**Data section**
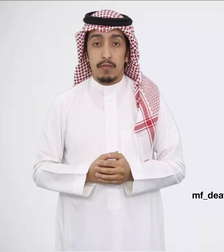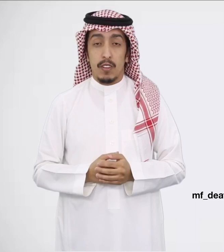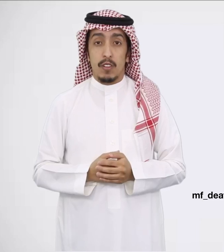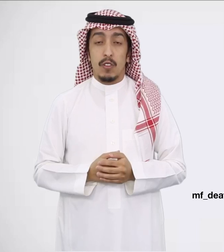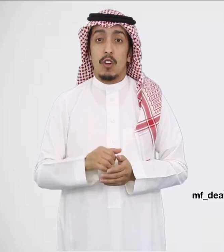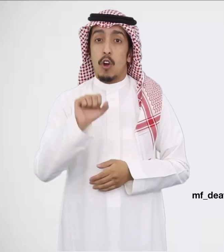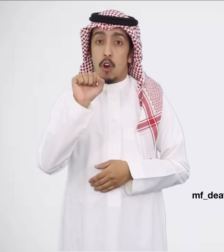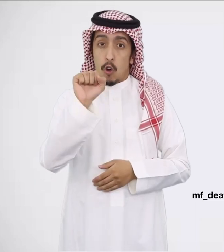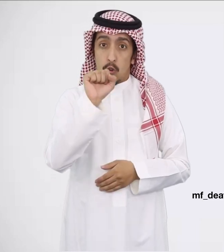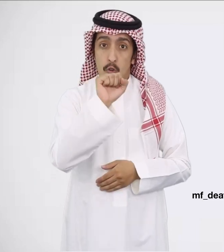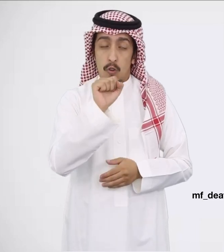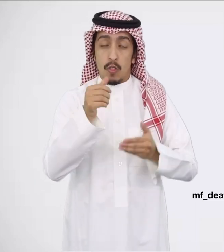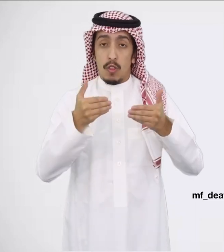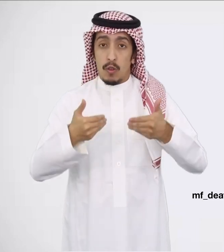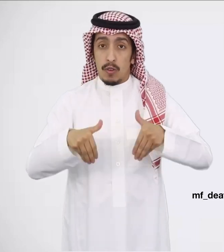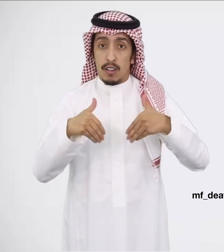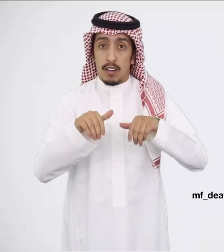حقوق ذوي الإعاقة
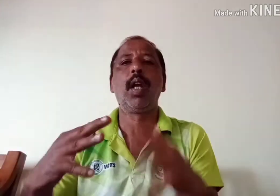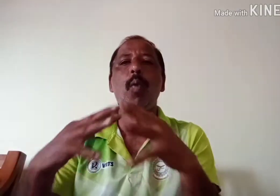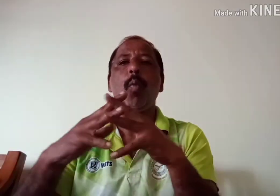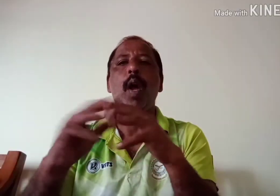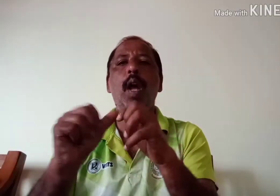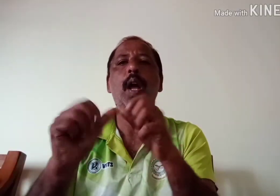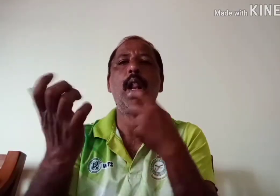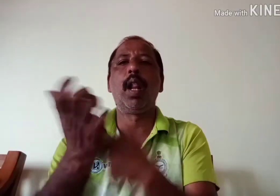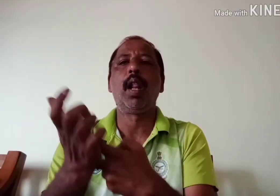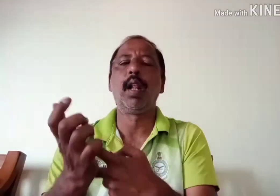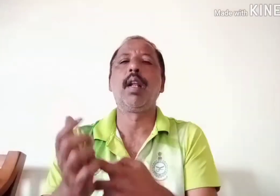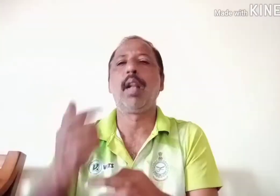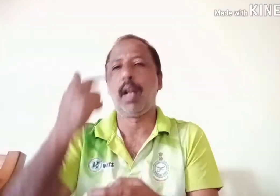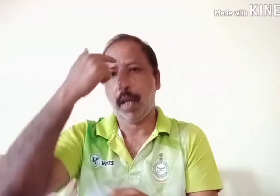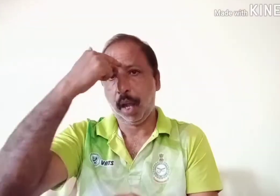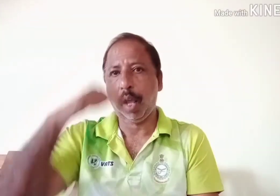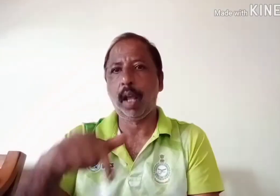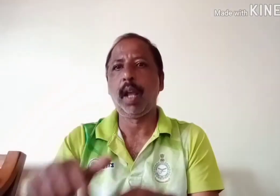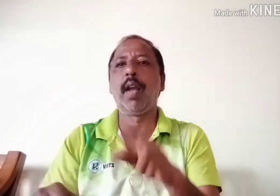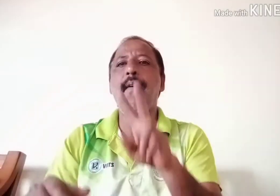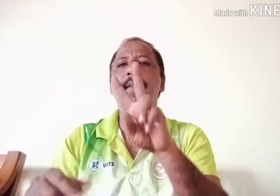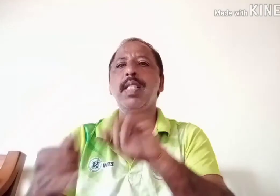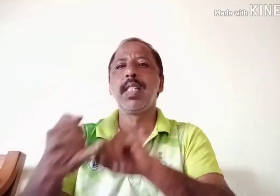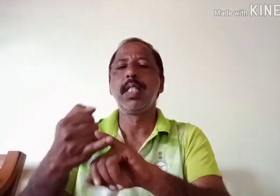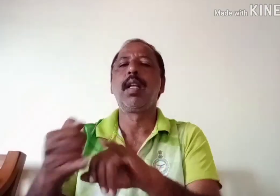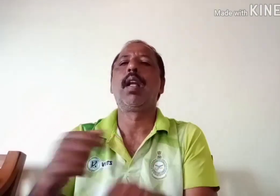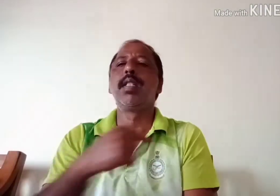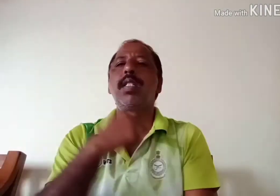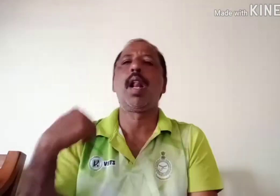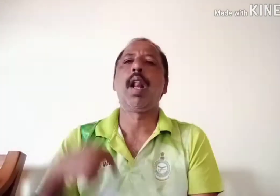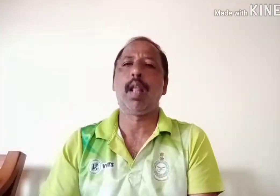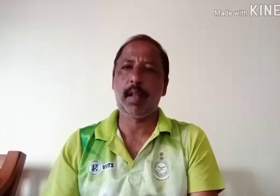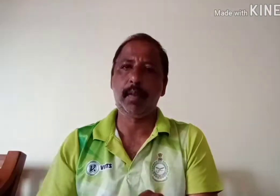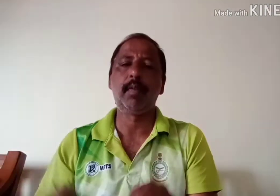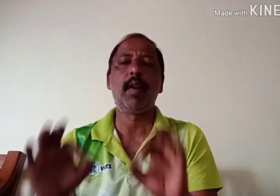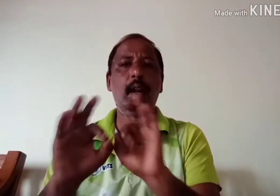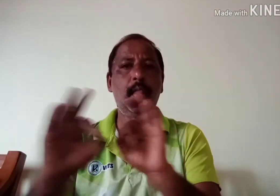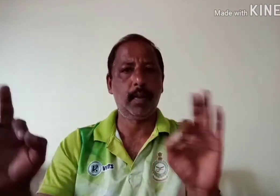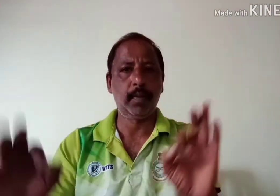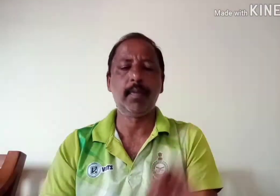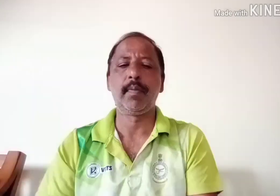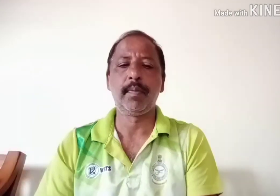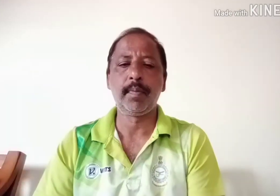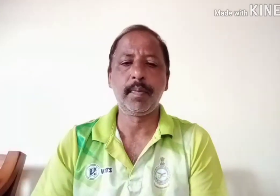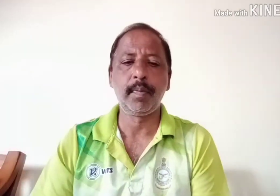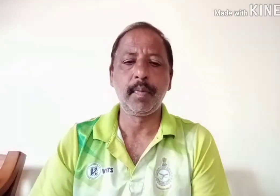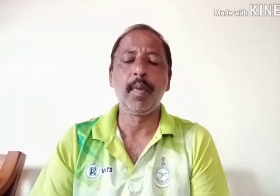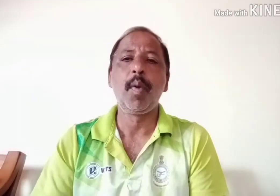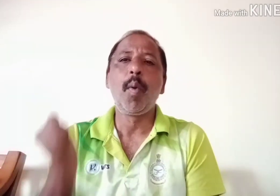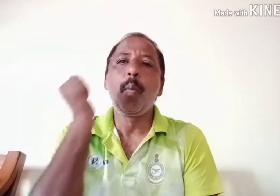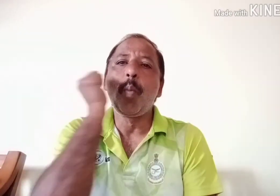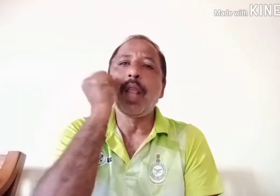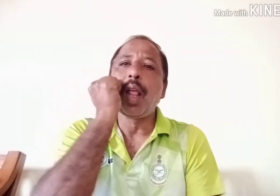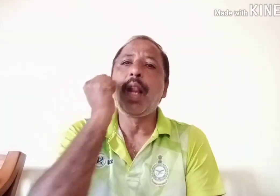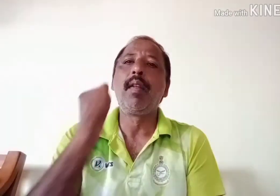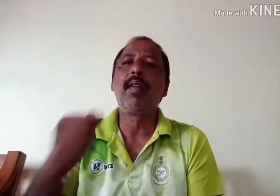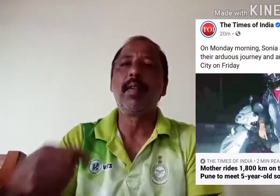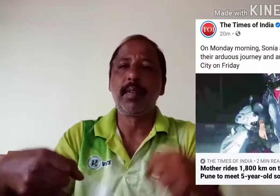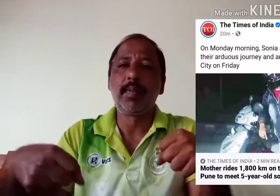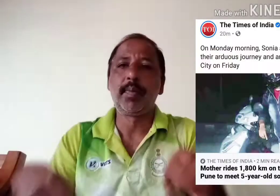आजाने की बज़े से फसी हुई है और जो है यह पूरी तरीके से बंद हो चुका है कई जगा क्यों कि
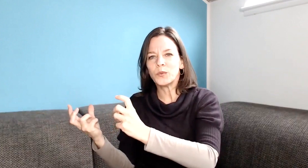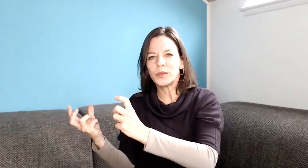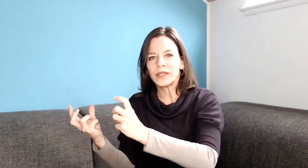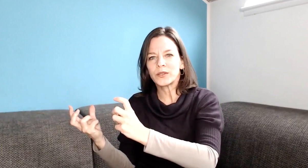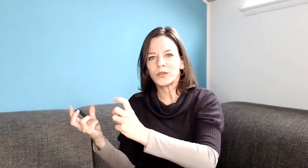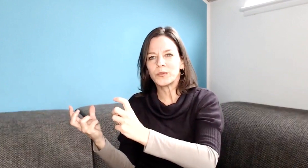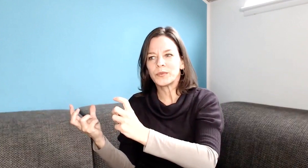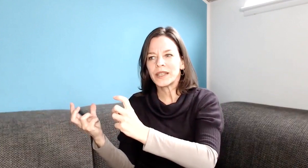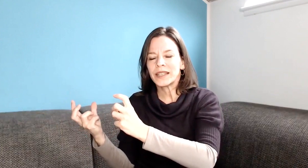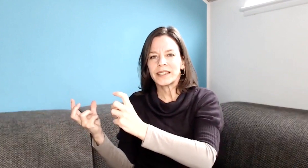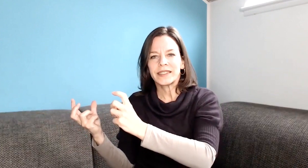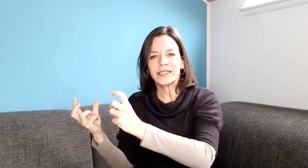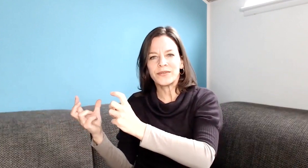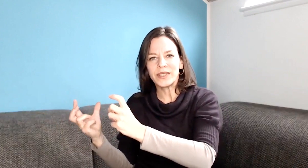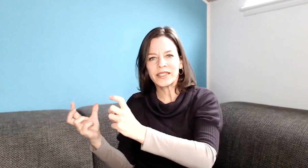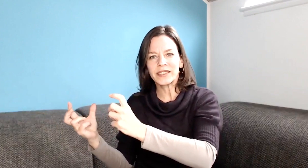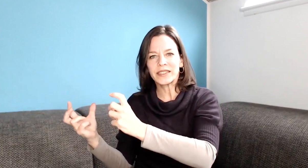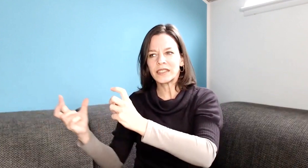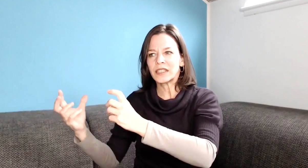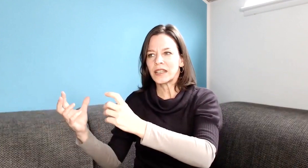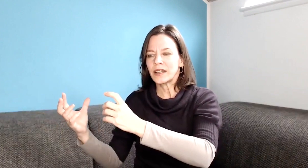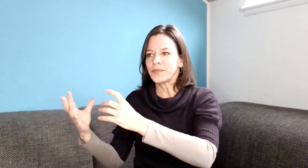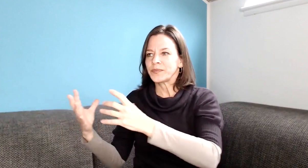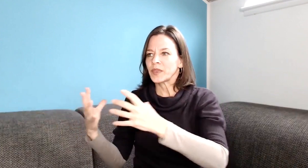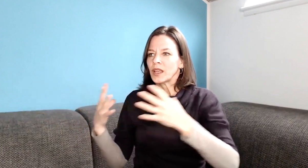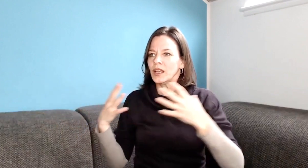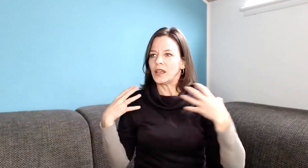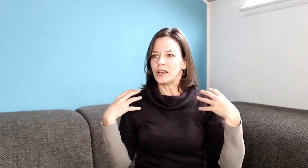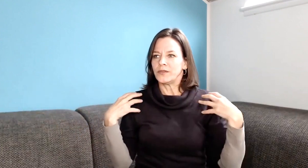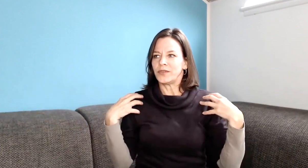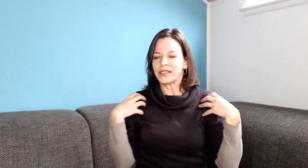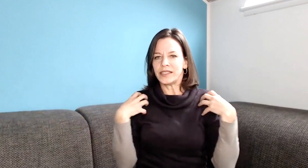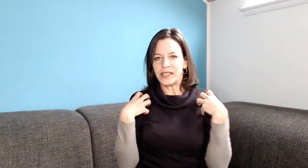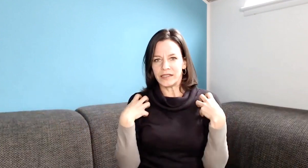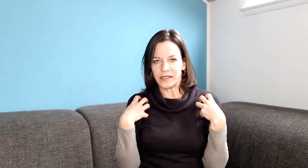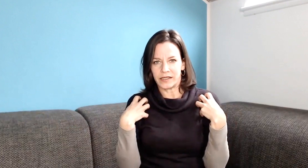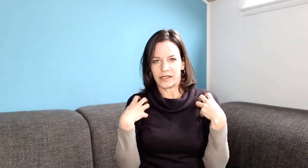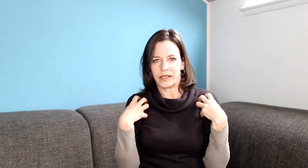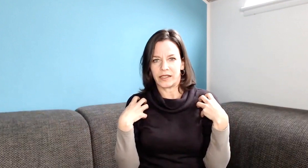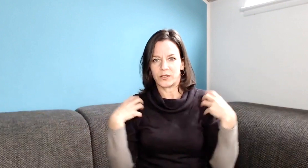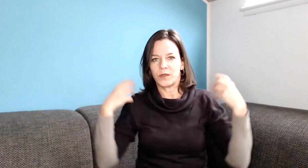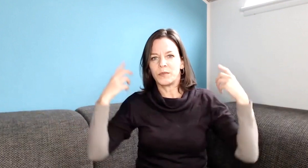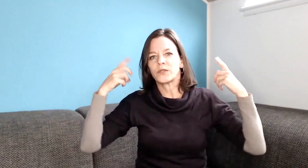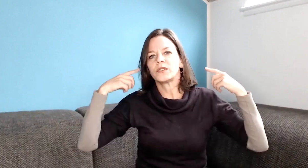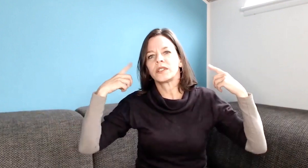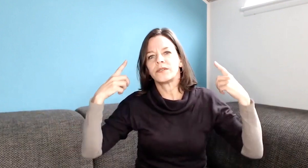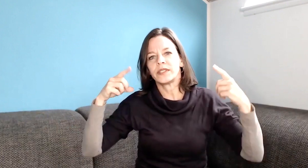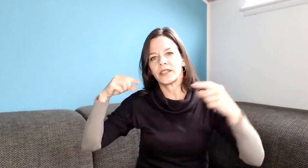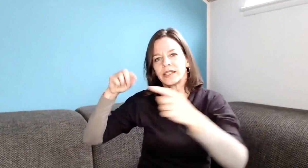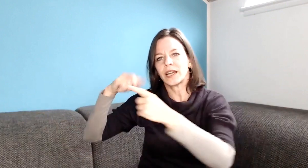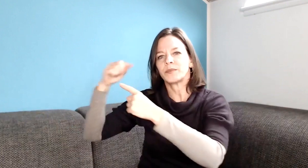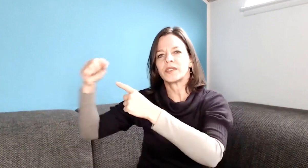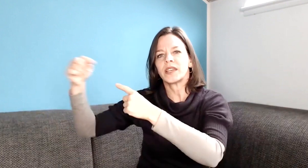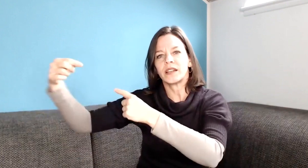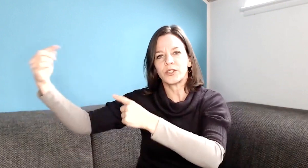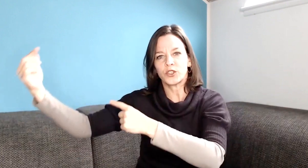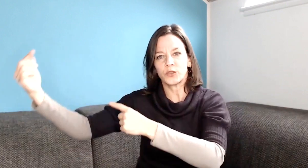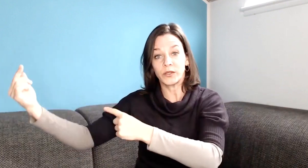unbedingt um das Wissen, was sie in sich trägt, sondern mehr so diese Gewissheit, ich habe das ja alles schon mal

**Assignment**
Could you return the whole listing exactly, images excluded?

**Written reply**
حقوق ذوي الإعاقة
आजाने की बज़े से फसी हुई है और जो है यह पूरी तरीके से बंद हो चुका है कई जगा क्यों कि
unbedingt um das Wissen, was sie in sich trägt, sondern mehr so diese Gewissheit, ich habe das ja alles schon mal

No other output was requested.